Two years in of a four year term, I feel inclined to provide a mid term report of what I’ve done, what’s in progress, and what I hope for the next two years. Also, a sense of what is like to be on the council! as a newcomer two years ago. So here we go.

What I ran on (not all inclusive):

Neighborhood Protection: During these two years I’ve worked hard to make sure that development has not adversely impacted neighborhoods. I continue to study what’s happening for Carolina North and advocated for the Town to participate in the Chancellor’s Leadership Advisory Committee a while ago. The participation allowed the Town to make its case for the policy of the Horace Williams Citizens Committee report, which is our guide and policy for neighborhood protection here. Also, I found it important for the Town in good faith to participate in the early process, to lay a foundation for hopefully good communication between town/gown as this project moves forward.

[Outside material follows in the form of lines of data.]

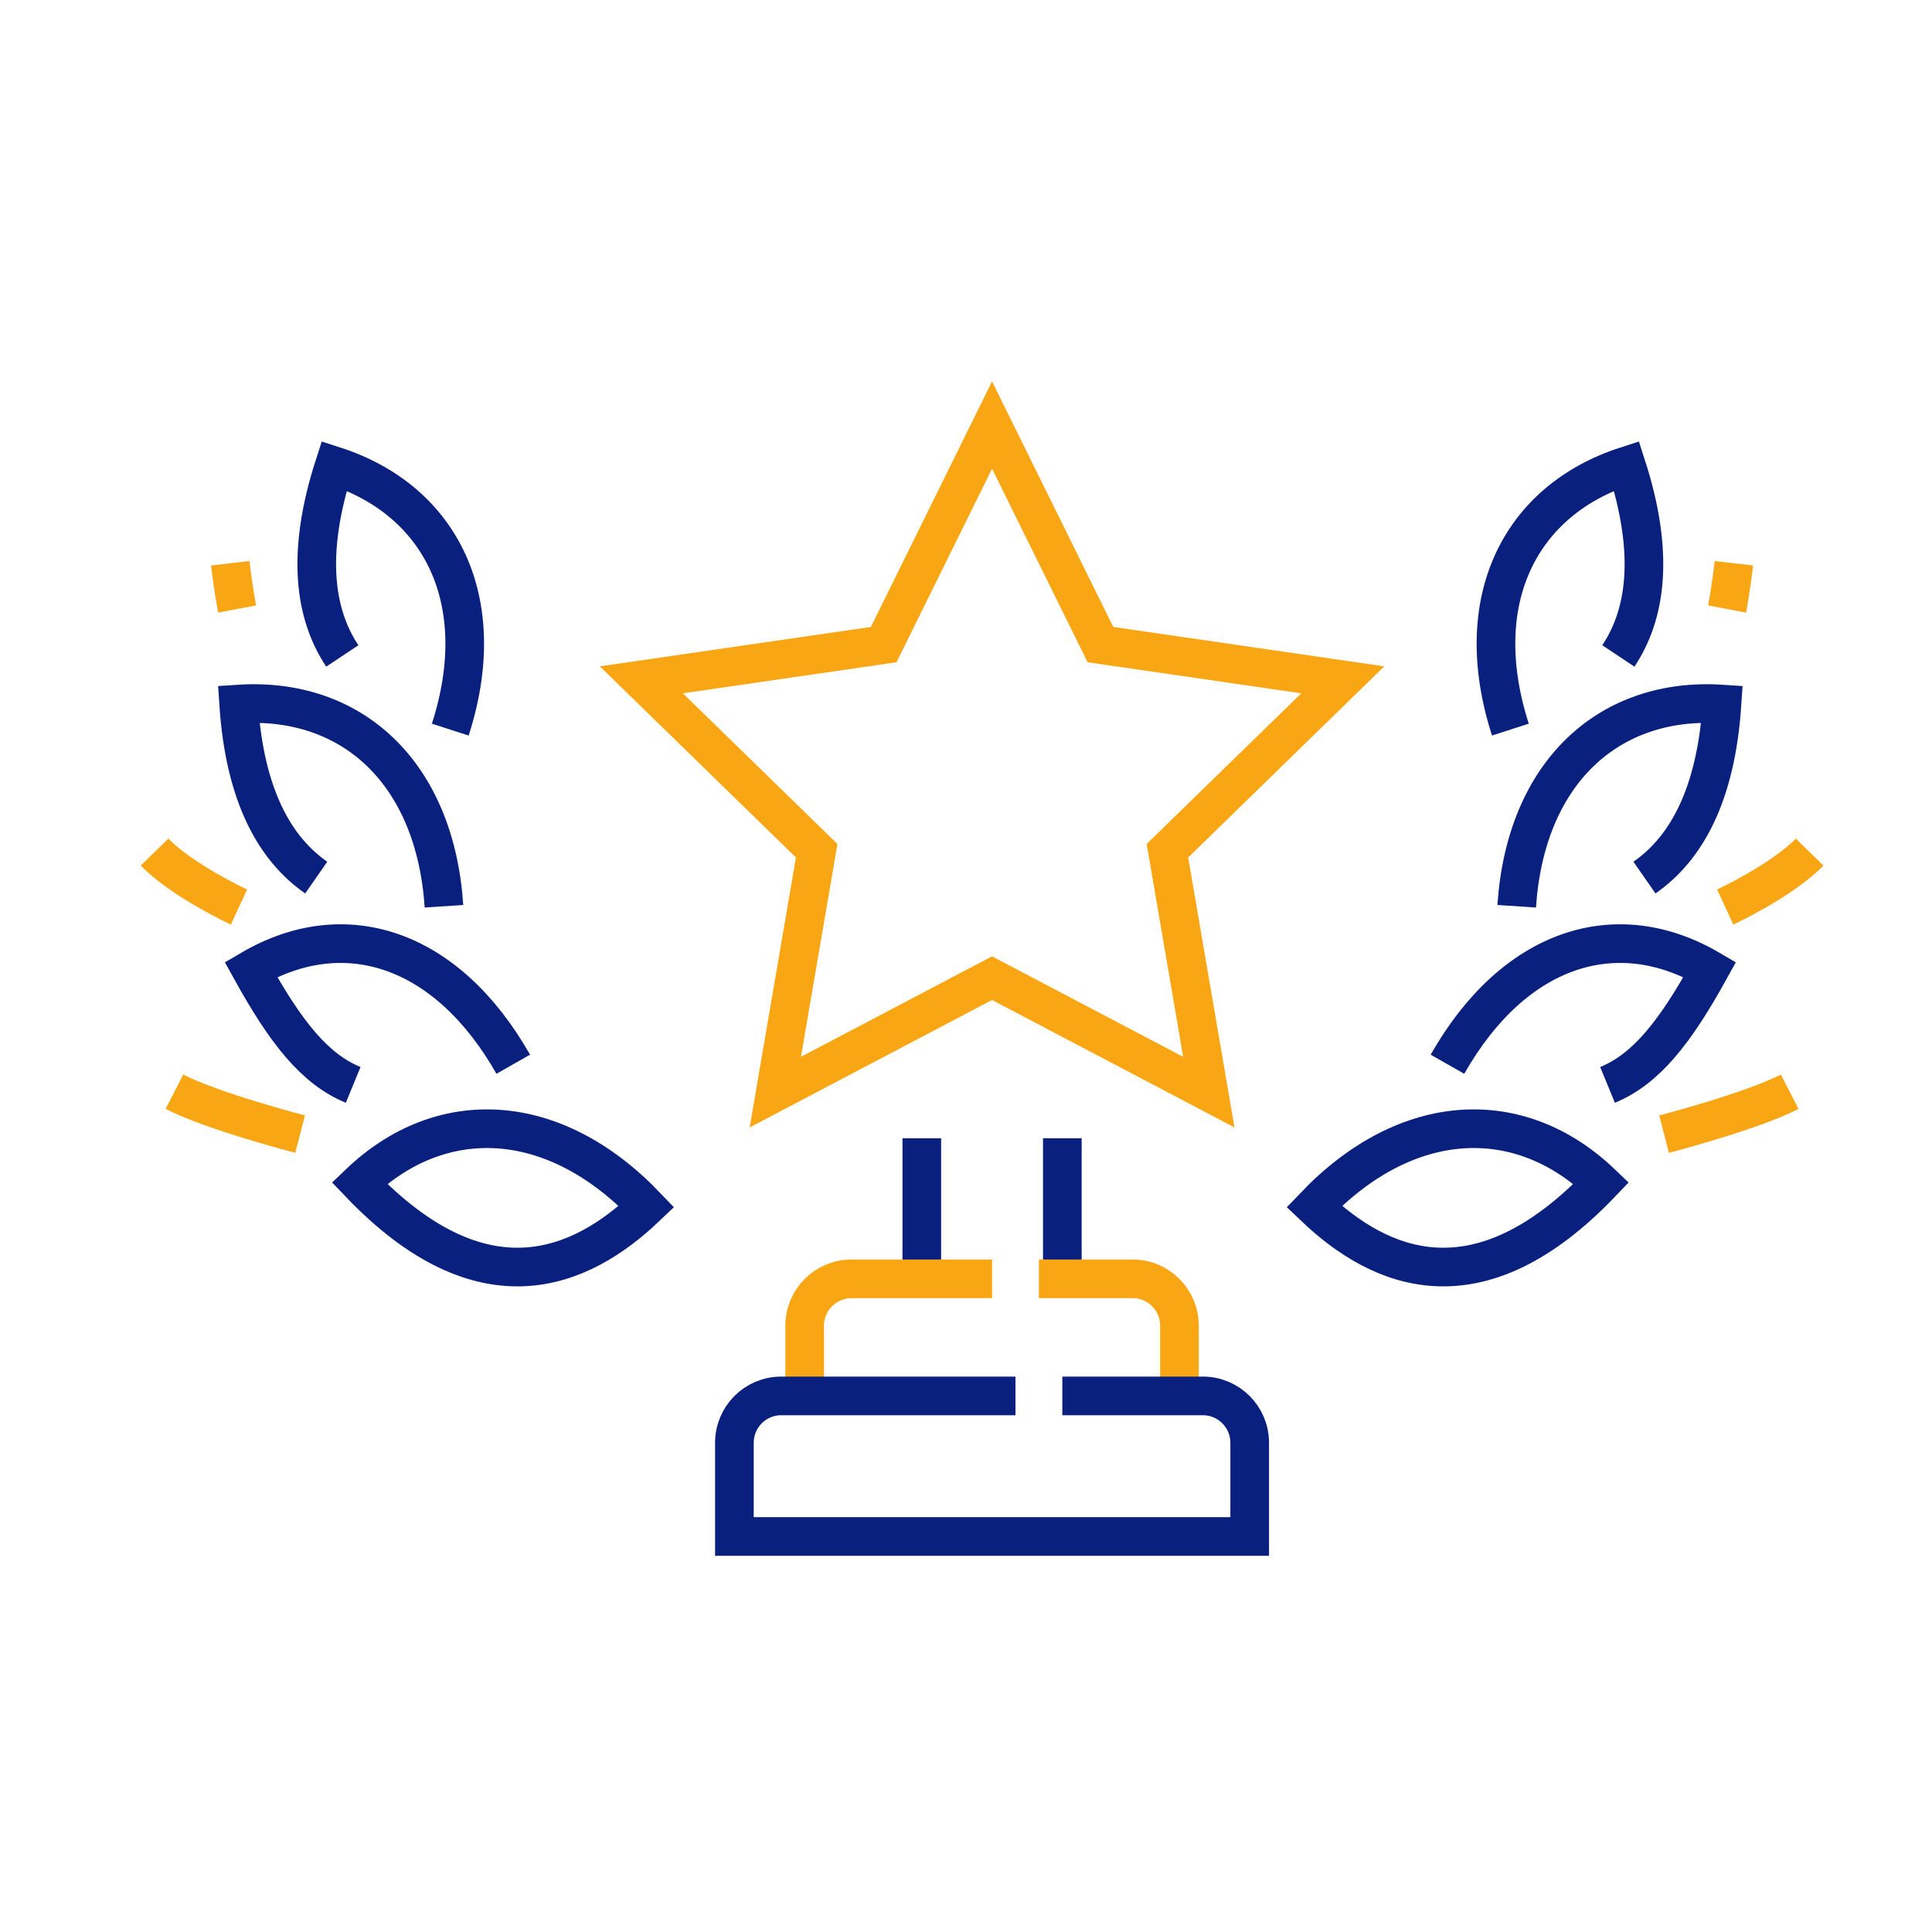<svg width="50" height="50" viewBox="0 0 50 50" fill="none" xmlns="http://www.w3.org/2000/svg">
<path d="M25.674 11L28.479 16.682L34.751 17.594L30.213 22.017L31.284 28.264L25.674 25.315L20.065 28.264L21.136 22.017L16.598 17.594L22.87 16.682L25.674 11Z" stroke="#F9A615" stroke-miterlimit="10"/>
<path d="M23.856 29.458V33.096M27.493 29.458V33.096" stroke="#09207E" stroke-miterlimit="10"/>
<path d="M26.887 33.096H29.311C29.982 33.096 30.524 33.639 30.524 34.308V36.127M20.825 36.127V34.308C20.825 33.639 21.368 33.096 22.037 33.096H25.675" stroke="#F9A615" stroke-miterlimit="10"/>
<path d="M26.28 36.126H20.219C19.549 36.126 19.006 36.669 19.006 37.339V39.764H32.342V37.339C32.342 36.669 31.799 36.126 31.13 36.126H27.493M41.603 28.077C42.598 27.668 43.348 26.721 44.249 25.09C41.83 23.672 39.181 24.515 37.46 27.542M42.559 22.712C43.614 21.978 44.406 20.618 44.565 18.221C41.653 18.028 39.483 19.978 39.252 23.454M41.883 16.976C42.596 15.905 42.832 14.346 42.093 12.056C39.315 12.952 38.02 15.566 39.089 18.882M9.14 28.077C8.145 27.668 7.395 26.721 6.494 25.09C8.913 23.672 11.561 24.515 13.283 27.542M8.184 22.712C7.129 21.978 6.336 20.618 6.177 18.221C9.09 18.028 11.259 19.978 11.49 23.454M8.859 16.976C8.147 15.905 7.911 14.346 8.649 12.056C11.428 12.952 12.723 15.566 11.653 18.882M34.01 31.226C35.716 32.855 38.248 33.961 41.441 30.619C39.33 28.602 36.415 28.707 34.01 31.226ZM16.733 31.226C15.027 32.855 12.495 33.961 9.302 30.619C11.412 28.602 14.327 28.707 16.733 31.226Z" stroke="#09207E" stroke-miterlimit="10"/>
<path d="M6.136 15.761C6.136 15.761 6.035 15.23 5.96 14.577M6.184 23.474C6.184 23.474 4.727 22.798 4 22.052M7.767 29.351C7.767 29.351 5.524 28.771 4.515 28.254M44.697 15.761C44.697 15.761 44.798 15.23 44.873 14.577M44.648 23.474C44.648 23.474 46.106 22.798 46.833 22.052M43.066 29.351C43.066 29.351 45.309 28.771 46.317 28.254" stroke="#F9A615" stroke-miterlimit="10"/>
</svg>

Additionally on neighborhood protection, I served as the council liasion to the Northern Area Task Force that provided detailed recommendations on how development should proceed in the northern area of Chapel Hill, with a primary goal of neighborhood protection in light of a great deal of forthcoming development. We met on Thursday nights and two Saturday mornings through the summer of 2007, on a tight schedule, to provide the necessary work for the council given a moratorium in place. Examples:

  • Advocating to avoid cut through traffic for future mixed use developments on roads through neighborhoods such as through Northwoods.
  • How to make existing neighborhoods walkable/bicycle/transit friendly to future and existing commercial, etc.
  • Ensuring existing town services are not strained by the additional growth—that we have planned well in advance for the infrastructure to support future development in these areas.

Wireless Initiative: In Chapel Hill, we have the ability to bridge the digital divide and provide today’s ACCESS TO INFORMATION and EDUCATION that only the privileged have historically had (historically meaning the last 10 years of widespread subscriptions to internet providers). Unless you can pay over $50/month to Time Warner or BellSouth, etc. and own a computer with a wireless card, you will find it difficult to find information that can provide you with educational opportunities, instant news in the community, job opportunities, ability to pay bills online, etc. The benefit to government, which saves taxpayers money, is evident from other cities that have ubiquitous wireless coverage.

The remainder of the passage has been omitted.